To watch a file, install `otumat` using `pip install otumat`, then run the command:
`otumat watch [-h] -f WATCH_FILE [-i WATCH_INTERVAL] -s WATCH_SCRIPT [watch_args ...]`
### Arguments
Help:
- `-h, --help`
Required named arguments:
- `-f WATCH_FILE`: Path to file to be watched.
- `-s WATCH_SCRIPT`: Path to script to run on file change.
Optional named arguments:
- `-i WATCH_INTERVAL`: Interval in seconds between polls.
- Defaults to 5 seconds.
- `watch_args`: Arguments providing state between runs.
- Defaults to no arguments.
## Validation of Trusted Plugins
This package also includes a setuptools extension that provides new keyword arguments `privkey_path` and `pubkey_path`.

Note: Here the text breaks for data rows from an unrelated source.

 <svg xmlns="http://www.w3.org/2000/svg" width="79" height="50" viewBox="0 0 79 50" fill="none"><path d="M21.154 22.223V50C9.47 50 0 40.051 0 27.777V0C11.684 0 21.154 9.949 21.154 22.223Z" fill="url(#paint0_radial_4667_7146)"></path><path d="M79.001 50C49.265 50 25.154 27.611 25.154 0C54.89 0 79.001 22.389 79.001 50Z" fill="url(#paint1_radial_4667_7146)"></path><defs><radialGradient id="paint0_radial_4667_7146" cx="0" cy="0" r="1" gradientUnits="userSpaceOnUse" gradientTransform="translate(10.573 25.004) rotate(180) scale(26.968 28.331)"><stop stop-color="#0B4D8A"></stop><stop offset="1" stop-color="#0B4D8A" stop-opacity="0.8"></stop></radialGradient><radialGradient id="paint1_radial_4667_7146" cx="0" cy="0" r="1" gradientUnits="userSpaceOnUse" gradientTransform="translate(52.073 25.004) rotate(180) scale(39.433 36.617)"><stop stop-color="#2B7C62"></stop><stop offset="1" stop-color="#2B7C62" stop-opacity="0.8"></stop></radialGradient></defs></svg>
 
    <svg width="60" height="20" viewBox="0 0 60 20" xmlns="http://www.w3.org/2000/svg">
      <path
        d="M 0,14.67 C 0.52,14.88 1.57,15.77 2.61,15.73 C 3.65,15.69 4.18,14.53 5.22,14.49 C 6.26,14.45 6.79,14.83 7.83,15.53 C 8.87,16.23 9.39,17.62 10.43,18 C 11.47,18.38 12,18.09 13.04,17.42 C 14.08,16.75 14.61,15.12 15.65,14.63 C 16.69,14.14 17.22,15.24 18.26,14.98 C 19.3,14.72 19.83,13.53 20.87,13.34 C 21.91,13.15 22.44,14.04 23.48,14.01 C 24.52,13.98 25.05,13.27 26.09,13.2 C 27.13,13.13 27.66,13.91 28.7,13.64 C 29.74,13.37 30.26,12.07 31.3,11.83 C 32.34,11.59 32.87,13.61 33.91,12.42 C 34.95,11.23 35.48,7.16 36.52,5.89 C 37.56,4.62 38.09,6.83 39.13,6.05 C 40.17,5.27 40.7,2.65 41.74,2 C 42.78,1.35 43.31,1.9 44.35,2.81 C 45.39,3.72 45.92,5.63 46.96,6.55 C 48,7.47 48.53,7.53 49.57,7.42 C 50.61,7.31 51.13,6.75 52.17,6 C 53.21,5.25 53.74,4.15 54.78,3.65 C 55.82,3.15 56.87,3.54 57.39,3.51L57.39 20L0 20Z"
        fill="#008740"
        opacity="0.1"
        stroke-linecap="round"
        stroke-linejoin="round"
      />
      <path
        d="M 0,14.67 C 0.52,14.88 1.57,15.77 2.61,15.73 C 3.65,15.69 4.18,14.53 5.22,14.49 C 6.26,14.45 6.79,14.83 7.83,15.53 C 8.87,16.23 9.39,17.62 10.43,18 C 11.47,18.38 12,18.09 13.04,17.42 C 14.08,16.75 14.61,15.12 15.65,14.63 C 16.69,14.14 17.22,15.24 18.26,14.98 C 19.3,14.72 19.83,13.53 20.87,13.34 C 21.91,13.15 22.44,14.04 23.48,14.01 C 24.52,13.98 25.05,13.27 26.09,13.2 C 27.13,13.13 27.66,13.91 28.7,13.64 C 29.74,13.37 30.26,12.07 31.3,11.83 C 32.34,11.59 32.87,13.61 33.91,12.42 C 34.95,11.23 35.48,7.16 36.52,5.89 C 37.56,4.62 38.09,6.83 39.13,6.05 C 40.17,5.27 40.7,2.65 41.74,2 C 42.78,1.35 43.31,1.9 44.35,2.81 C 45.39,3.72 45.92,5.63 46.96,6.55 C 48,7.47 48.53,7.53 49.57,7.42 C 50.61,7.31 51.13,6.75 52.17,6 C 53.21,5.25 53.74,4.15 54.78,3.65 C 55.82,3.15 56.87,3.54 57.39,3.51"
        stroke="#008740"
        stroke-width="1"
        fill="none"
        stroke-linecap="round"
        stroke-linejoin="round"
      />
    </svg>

By specifying the `privkey_path`, setuptools will generate the git hash (SHA1) of the module directory and sign the output based on the PEM key path passed in. The resulting signature will be stored as egg metadata `{{module_name}}.sig` accessible via `pkg_resources` module.
If passing `pubkey_path`, this will simply be copied in as egg metadata `{{module_name}}.pub`.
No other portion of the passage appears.